Our ranch house was located at the bottom of a canyon, cut deep into the earth over the years by the North Laramie River. Several times a year my Dad would climb the steep south mountain of the canyon to visit an elderly neighbor woman named Sophie. The cliffs of the canyon rose 2,000 feet on either side of the ranch house, covered with boulders and littered with the debris from an occasional landslide.
When I turned 8, Dad finally relented and allowed both my brother and me to climb with him on one of his visits to Sophie. He had not heard from her for a while and she had no telephone. Anxiously, I wondered how we would “stick” to the rocks and not fall off.
He told me not to worry about that as I looked up from the bottom toward our goal—the mountain top.
Instead, he told me to keep my eyes on the few feet of mountain around me so I could find places to put my hands and feet. The places to pull ourselves up with our hands and steps that led upward would reveal themselves as we got closer.
Even though the mountain side looked sheer from the bottom, there were lots of crevices and places to climb once we got started. They were invisible from below, lost in the grandeur of the larger view.

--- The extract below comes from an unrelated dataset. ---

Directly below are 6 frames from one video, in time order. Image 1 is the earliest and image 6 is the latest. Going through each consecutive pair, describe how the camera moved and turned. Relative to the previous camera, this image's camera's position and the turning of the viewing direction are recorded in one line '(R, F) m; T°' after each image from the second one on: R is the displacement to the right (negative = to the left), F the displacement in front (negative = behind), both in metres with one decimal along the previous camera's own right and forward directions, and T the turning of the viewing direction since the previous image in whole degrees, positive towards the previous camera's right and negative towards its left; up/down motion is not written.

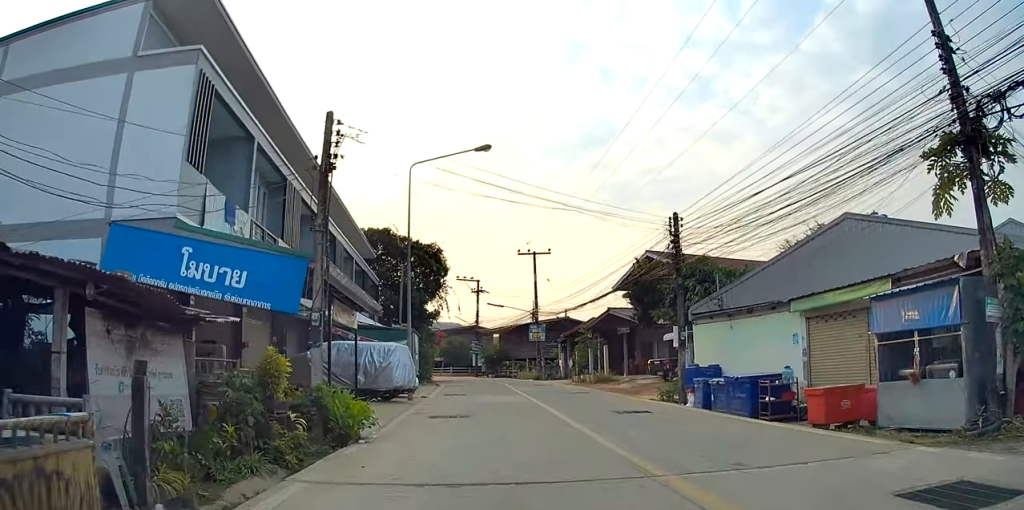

By breaking down my goal of climbing the mountain into small steps to be taken one at a time, I was successful and able to reach the top.
Leaders with strong minds are successful because they not only establish their goals, they know how to break them down into tiny, clear chunks.
If you spend too much time contemplating the huge distance between where you are now and the goal you want to achieve, there is a risk you’ll never get started.
Too much information can be as intimidating as it is inspiring. Chunking is breaking down larger goals into achievable steps. This will help you understand all the tasks involved in achieving a big goal as well as create a timeline to get them done. Chunking tasks that are related is an efficient way to create a strong mind because the brain loves to make connections.
By breaking down a huge project into smaller chunks, you can also experience the sense of achievement and progress.
Here are 7 ways:
1. Chunking often works best when you work backwards from your goal. Think about the obstacles you need to overcome, barriers you need to break, customers you need to contact, or product you need to produce if you want to be successful.
2. Investigate further to see if each goal you’ve listed above can be broken down even further into mini-goals. Take a closer look at each goal and see what steps are needed to achieve that specific goal.
3. Create a visual map if you’re a visual person so you can get a picture of a) where you are, b) where you want to end up, and c) what needs to be done to accomplish it.
4. Put your tasks in chronological order, working out what jobs need to be done a) first, b) alongside others, and c) alone.
5. Identify those tasks that will require more effort or additional training in order for you to accomplish them. If possible, choose the time you can tackle them rather than waiting until they are foisted upon you when you are least prepared to deal with them.
6. Build a timeline of your tasks. Decide when you need to reach your goal if you have the luxury of setting your own deadline. If you do not have that luxury, write the deadline down and then identify how much time you will need to accomplish each step and mini-goal. If you’re pressed for time, how much of the work can you assign to others? Think about getting professional assistance if you need.
7. Keep your eye on the next step. Chunking allows us to create small, achievable steps so we do not lose our confidence as we move toward the larger goal.
Successful people understand that clarity gives us certainty. Small, clear goals keep our attention focused and yet are not enough to stress us out.
After I made it up the mountain, I felt as though I was sitting on top of the world! Sophie was there and made us lunch, and then we headed back down. What I learned that day was that it’s easy to feel overwhelmed when confronted by a big task. However, by keeping these steps in mind, you create a way to reach the top.
What suggestions do you have for tackling big goals?